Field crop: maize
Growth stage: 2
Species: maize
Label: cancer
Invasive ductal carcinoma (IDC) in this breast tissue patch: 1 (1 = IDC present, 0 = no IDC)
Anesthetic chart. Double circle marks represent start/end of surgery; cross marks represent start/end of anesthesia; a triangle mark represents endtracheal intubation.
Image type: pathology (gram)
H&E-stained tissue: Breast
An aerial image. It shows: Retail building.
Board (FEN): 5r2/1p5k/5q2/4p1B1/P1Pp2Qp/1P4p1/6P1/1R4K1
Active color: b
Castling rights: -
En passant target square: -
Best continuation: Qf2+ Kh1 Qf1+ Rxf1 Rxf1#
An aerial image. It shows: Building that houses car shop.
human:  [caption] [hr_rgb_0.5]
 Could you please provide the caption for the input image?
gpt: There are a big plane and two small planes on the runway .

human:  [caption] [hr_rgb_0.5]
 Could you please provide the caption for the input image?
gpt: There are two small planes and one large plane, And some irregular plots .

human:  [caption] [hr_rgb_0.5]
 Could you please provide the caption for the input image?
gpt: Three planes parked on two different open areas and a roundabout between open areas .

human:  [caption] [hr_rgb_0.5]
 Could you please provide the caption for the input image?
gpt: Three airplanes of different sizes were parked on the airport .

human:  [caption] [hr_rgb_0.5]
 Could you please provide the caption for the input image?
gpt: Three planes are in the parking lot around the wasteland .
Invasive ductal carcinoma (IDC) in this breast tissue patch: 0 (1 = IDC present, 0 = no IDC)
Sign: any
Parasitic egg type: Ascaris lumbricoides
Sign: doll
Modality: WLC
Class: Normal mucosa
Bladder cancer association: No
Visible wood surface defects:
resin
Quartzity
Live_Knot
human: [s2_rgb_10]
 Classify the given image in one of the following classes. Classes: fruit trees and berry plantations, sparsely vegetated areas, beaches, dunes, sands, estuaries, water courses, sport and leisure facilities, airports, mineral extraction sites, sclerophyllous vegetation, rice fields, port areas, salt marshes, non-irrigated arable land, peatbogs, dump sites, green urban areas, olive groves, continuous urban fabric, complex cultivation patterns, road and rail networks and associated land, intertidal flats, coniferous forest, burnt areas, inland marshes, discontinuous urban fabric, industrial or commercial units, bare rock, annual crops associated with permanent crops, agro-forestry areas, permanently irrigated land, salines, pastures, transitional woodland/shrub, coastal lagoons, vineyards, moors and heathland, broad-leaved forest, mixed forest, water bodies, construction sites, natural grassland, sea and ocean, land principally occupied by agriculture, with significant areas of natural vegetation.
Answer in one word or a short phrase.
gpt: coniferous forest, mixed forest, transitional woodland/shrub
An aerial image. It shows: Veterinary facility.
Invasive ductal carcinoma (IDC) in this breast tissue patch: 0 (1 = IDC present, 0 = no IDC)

**********

§ **PROBLEM TO SOLVE**: Of the entries above, transcribe exactly those lines that fall between the line containing "Invasive ductal carcinoma (IDC) in this breast tissue patch: 1" and the line containing "Parasitic egg type: Ascaris lumbricoides", together with those two lines.

§ **RESPONSE**:
Invasive ductal carcinoma (IDC) in this breast tissue patch: 1 (1 = IDC present, 0 = no IDC)
Anesthetic chart. Double circle marks represent start/end of surgery; cross marks represent start/end of anesthesia; a triangle mark represents endtracheal intubation.
Image type: pathology (gram)
H&E-stained tissue: Breast
An aerial image. It shows: Retail building.
Board (FEN): 5r2/1p5k/5q2/4p1B1/P1Pp2Qp/1P4p1/6P1/1R4K1
Active color: b
Castling rights: -
En passant target square: -
Best continuation: Qf2+ Kh1 Qf1+ Rxf1 Rxf1#
An aerial image. It shows: Building that houses car shop.
human:  [caption] [hr_rgb_0.5]
 Could you please provide the caption for the input image?
gpt: There are a big plane and two small planes on the runway .

human:  [caption] [hr_rgb_0.5]
 Could you please provide the caption for the input image?
gpt: There are two small planes and one large plane, And some irregular plots .

human:  [caption] [hr_rgb_0.5]
 Could you please provide the caption for the input image?
gpt: Three planes parked on two different open areas and a roundabout between open areas .

human:  [caption] [hr_rgb_0.5]
 Could you please provide the caption for the input image?
gpt: Three airplanes of different sizes were parked on the airport .

human:  [caption] [hr_rgb_0.5]
 Could you please provide the caption for the input image?
gpt: Three planes are in the parking lot around the wasteland .
Invasive ductal carcinoma (IDC) in this breast tissue patch: 0 (1 = IDC present, 0 = no IDC)
Sign: any
Parasitic egg type: Ascaris lumbricoides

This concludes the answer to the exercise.